4.3.3 Sustainability Assessment Method
The Sustainability Assessment Method (SAM) is another environmental monitoring tool for assessing freshwater catchment health that can be used to include Māori values alongside more traditional monitoring assessments (Tipa, 2009). The SAM explicitly includes social, cultural, economic, and environmental values. This multidimensional assessment is laid-out in a step-by-step guide that enables researchers to document cultural values and associations with river catchments alongside scientific monitoring techniques (Fig. 7). The cultural dimension of this model focuses strongly on water quality and typically uses mahinga kai (traditional food gathering practices and places) as the most important indicator of the health of waterways.
The SAM follows a similar trajectory as other research frameworks involving Māori. The first step is to identify the appropriate group of tangata whenua participants, document their cultural relationships with a catchment, and ultimately determine baseline water quality and quantity standards compliant with Māori preferences. Tipa (2009) suggests that this model can be used as an alternative to strictly Western-style freshwater assessments, but it is possible that this model could be included alongside a Western-style analysis to build a more comprehensive assessment. Māori involvement is required, and the final step – analyse data, evaluate implications, and prepare strategies and recommendations – should include both Māori and Western interpretations of the results.
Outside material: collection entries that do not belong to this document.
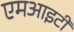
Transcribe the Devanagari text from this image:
एमआइटी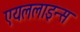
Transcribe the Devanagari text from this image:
एयललाइन्स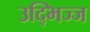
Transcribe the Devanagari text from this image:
उद्भिज्ज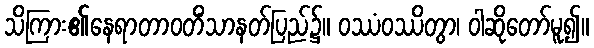
သိကြား၏နေရာတာဝတိံသာနတ်ပြည်၌။ ဝဿံဝဿိတွာ၊ ဝါဆိုတော်မူ၍။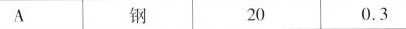
A 钢 20 0.3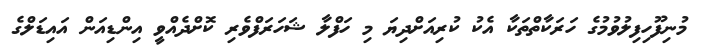
މުނިފޫހިފިލުވުމުގެ ހަރަކާތްތަކާ އެކު ކުރިއަށްދިޔަ މި ހަފްލާ ޝަހަރަފްވެރި ކޮށްދެއްވީ އިންޑިއަން އައިޑަލްގެ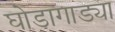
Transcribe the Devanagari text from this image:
घोडागाड्या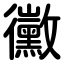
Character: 黴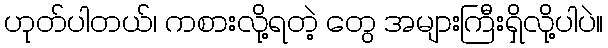
ဟုတ်ပါတယ်၊ ကစားလို့ရတဲ့ တွေ အများကြီးရှိလို့ပါပဲ။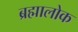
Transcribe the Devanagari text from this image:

Transferability to geomorphology (SAM)
In 2005, the SAM was adapted for use in an assessment of New Zealand river catchments from Māori perspectives (Tipa, 2007, as cited in Tipa, 2009). Lists of Māori values, beliefs and practices associated with three river catchments in the South Island of Aotearoa–NZ were accumulated from analyses of contemporary writings and historical accounts. From the lists, tables were constructed to describe all concepts that portrayed a value, belief, or practice that surfaced from the initial analyses. Using the SAM allowed Māori concepts to be organised in a way that each element could be examined separately, in the context of each individual river. Beauty, mahinga kai, water quality and Ki Uta Ki Tai (from the mountains to the sea) are a few examples of the many identified by tangata whenua as important values within these catchments (Tipa, 2009). The result of this exercise was to show that the SAM could give resource managers the opportunity to consider cultural values alongside westernised resource management priorities. The SAM promotes a tool for policy makers that incorporates a place-based approach, allowing for more specialised outcomes.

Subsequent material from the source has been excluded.